_Provided information_:
BEGIN

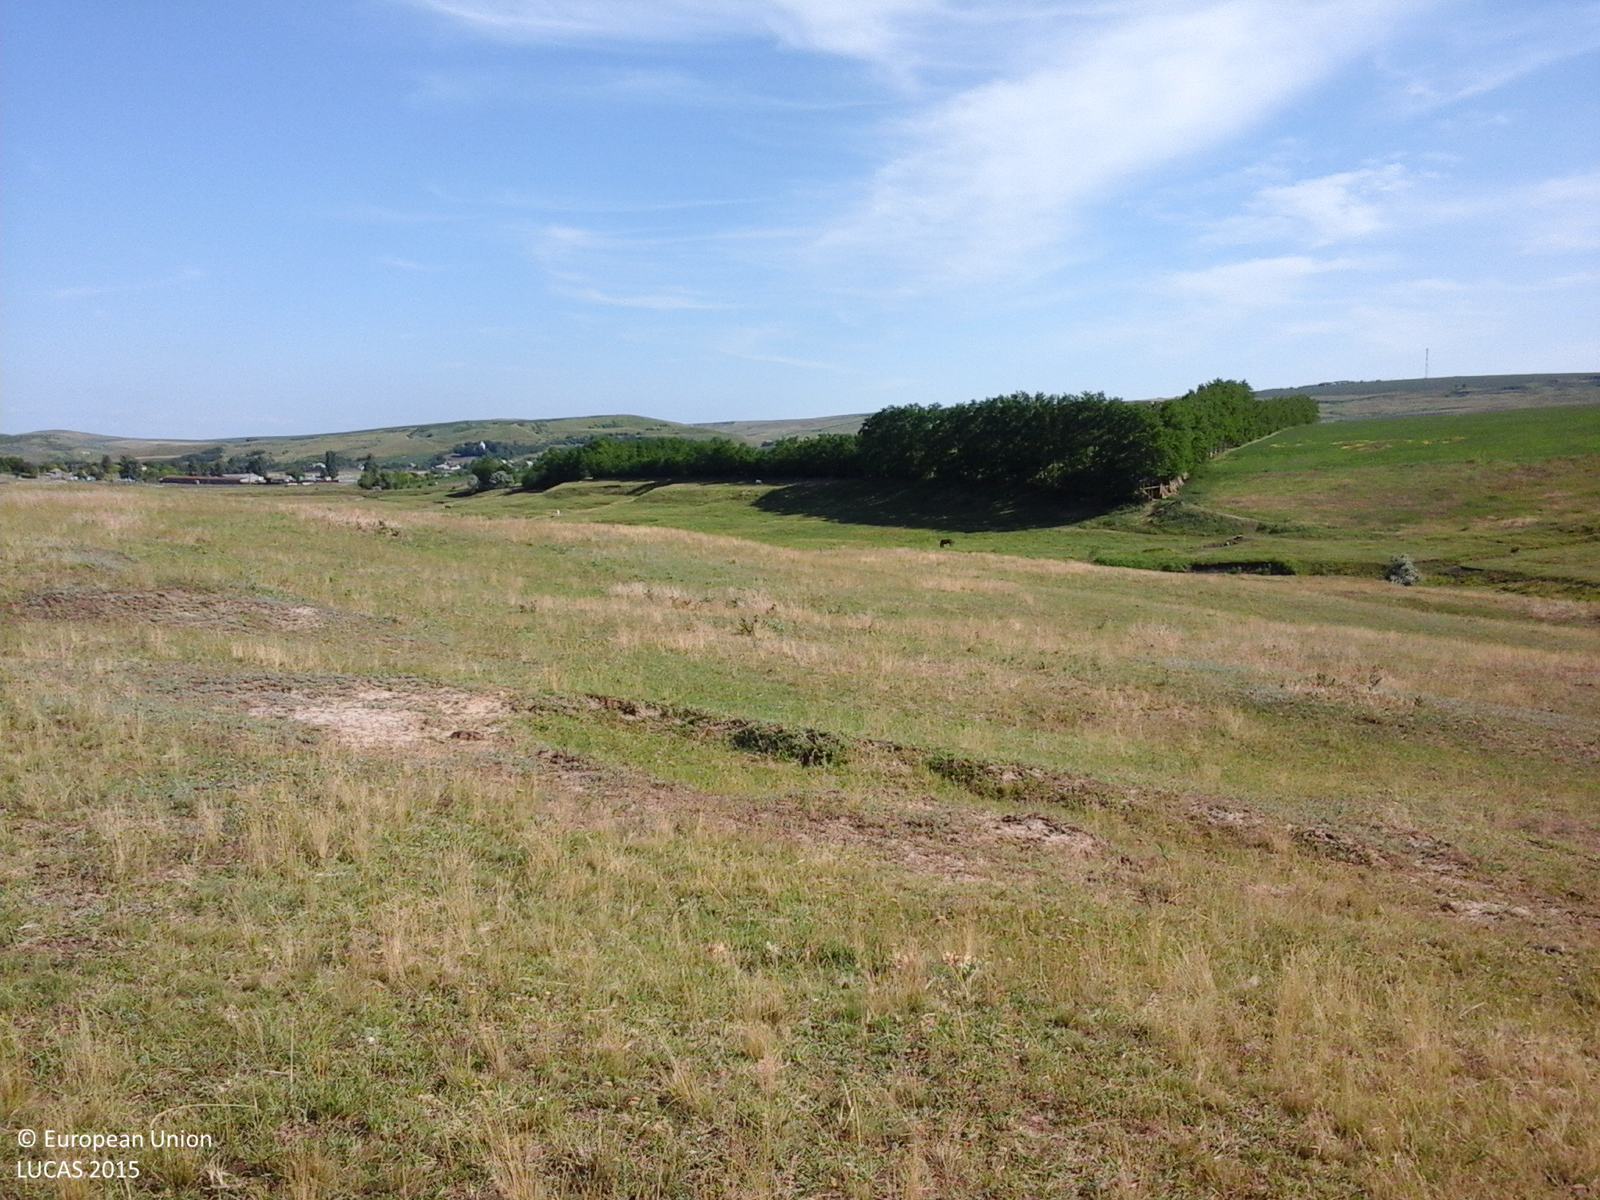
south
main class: Grassland
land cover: Grassland without tree/shrub cover
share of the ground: > 75 %
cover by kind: herbaceous plants 100 %
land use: Agriculture (excluding fallow land and kitchen gardens)
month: June
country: RO
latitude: 47.4976
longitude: 27.1112
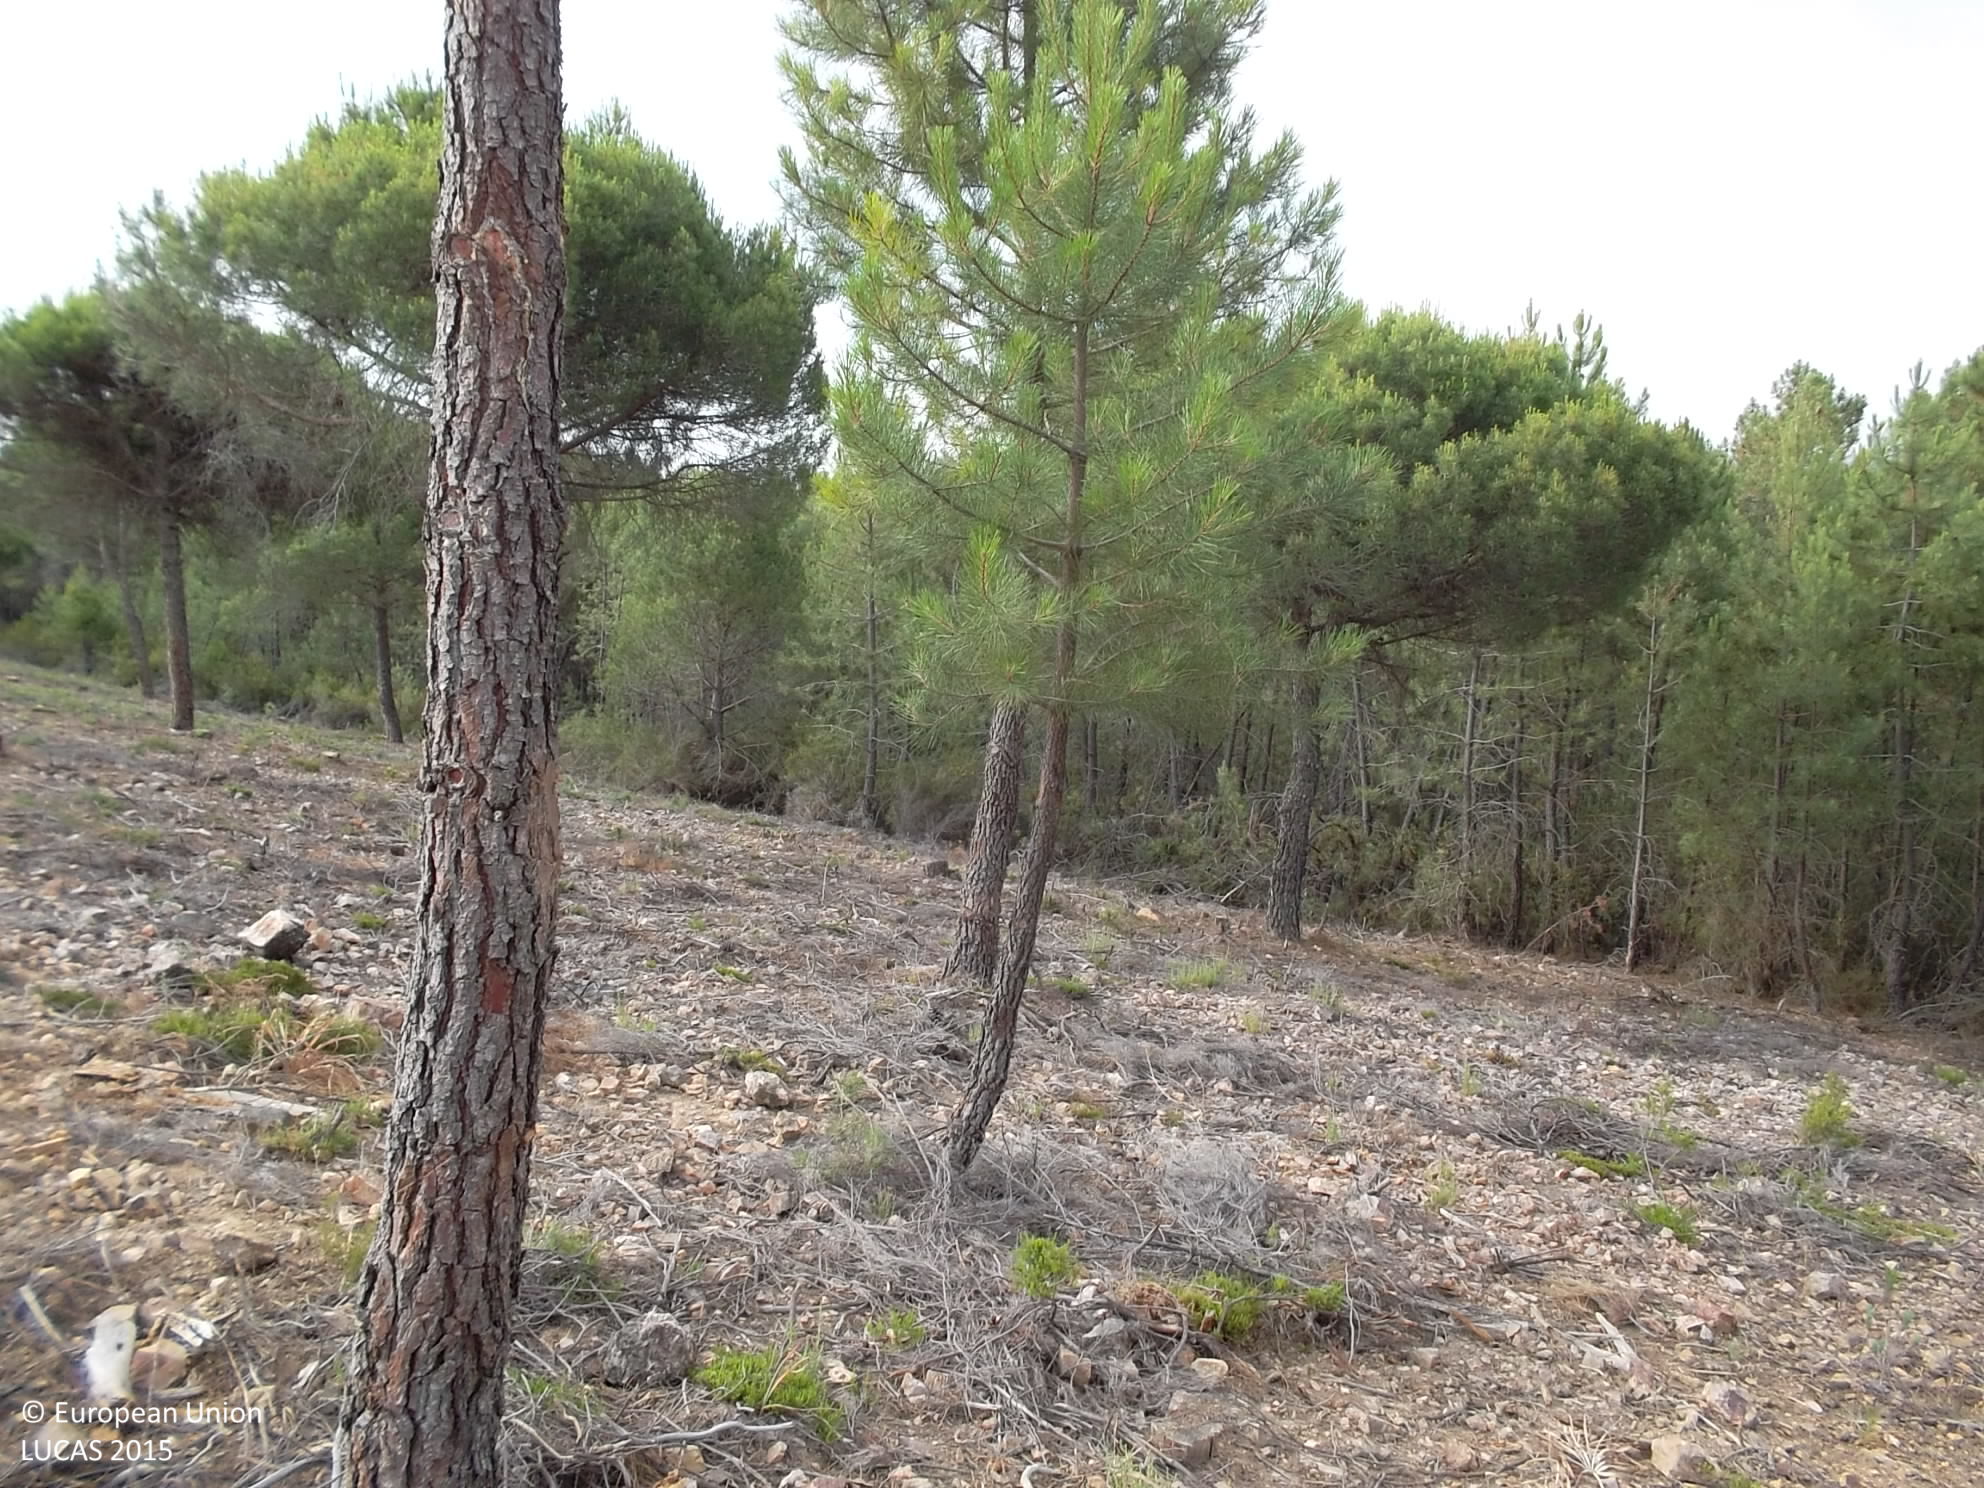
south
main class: Woodland
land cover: Pine dominated coniferous woodland
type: coniferous forest of the mediterranean region
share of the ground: 50 - 75 %
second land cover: Spontaneously vegetated surfaces
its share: > 75 %
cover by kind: coniferous forest trees 40 %, herbaceous plants 40 %, unconsolidated bare surface 20 %
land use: Forestry
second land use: Agriculture (excluding fallow land and kitchen gardens)
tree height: > 5 m
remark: Clear cut
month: June
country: ES
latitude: 39.1828
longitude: -4.8660
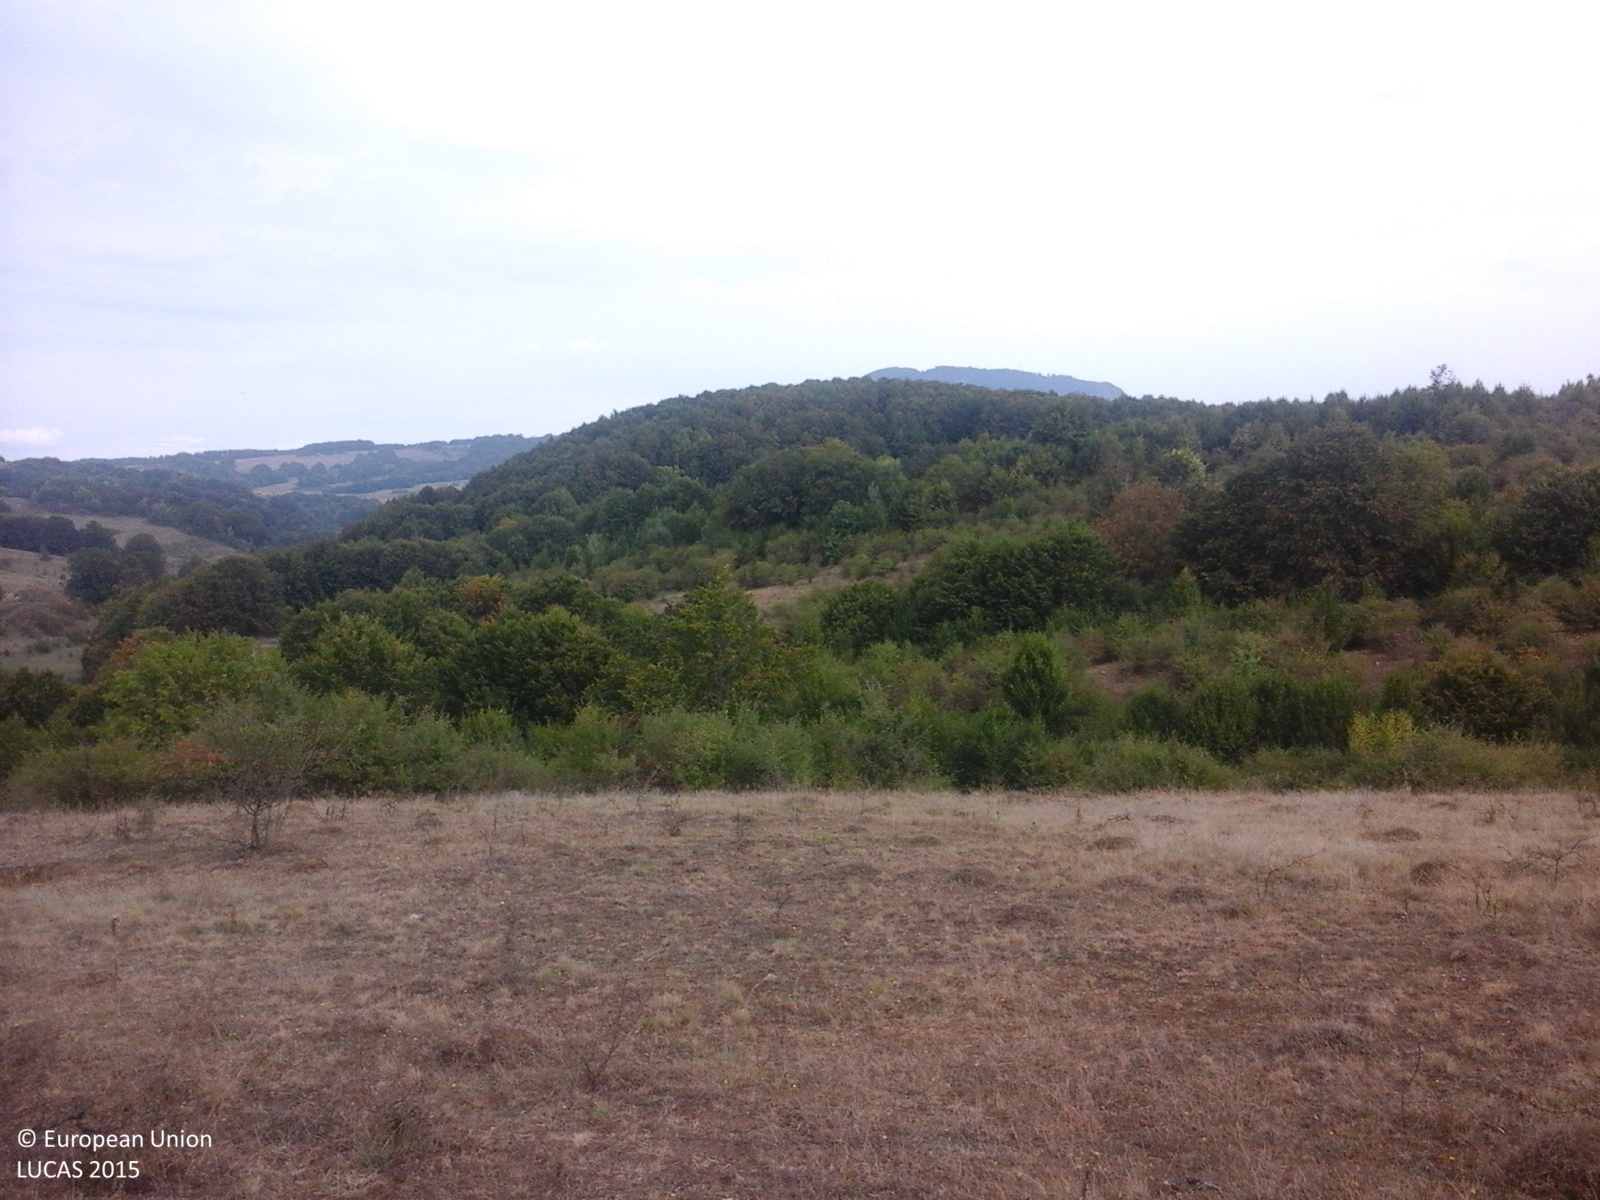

END

_Assignment_: All of the data above needs to be given again exactly. Leave out each image.

_Solution to this problem_:
south
main class: Grassland
land cover: Grassland without tree/shrub cover
share of the ground: > 75 %
cover by kind: herbaceous plants 100 %
land use: Agriculture (excluding fallow land and kitchen gardens)
month: June
country: RO
latitude: 47.4976
longitude: 27.1112
south
main class: Woodland
land cover: Pine dominated coniferous woodland
type: coniferous forest of the mediterranean region
share of the ground: 50 - 75 %
second land cover: Spontaneously vegetated surfaces
its share: > 75 %
cover by kind: coniferous forest trees 40 %, herbaceous plants 40 %, unconsolidated bare surface 20 %
land use: Forestry
second land use: Agriculture (excluding fallow land and kitchen gardens)
tree height: > 5 m
remark: Clear cut
month: June
country: ES
latitude: 39.1828
longitude: -4.8660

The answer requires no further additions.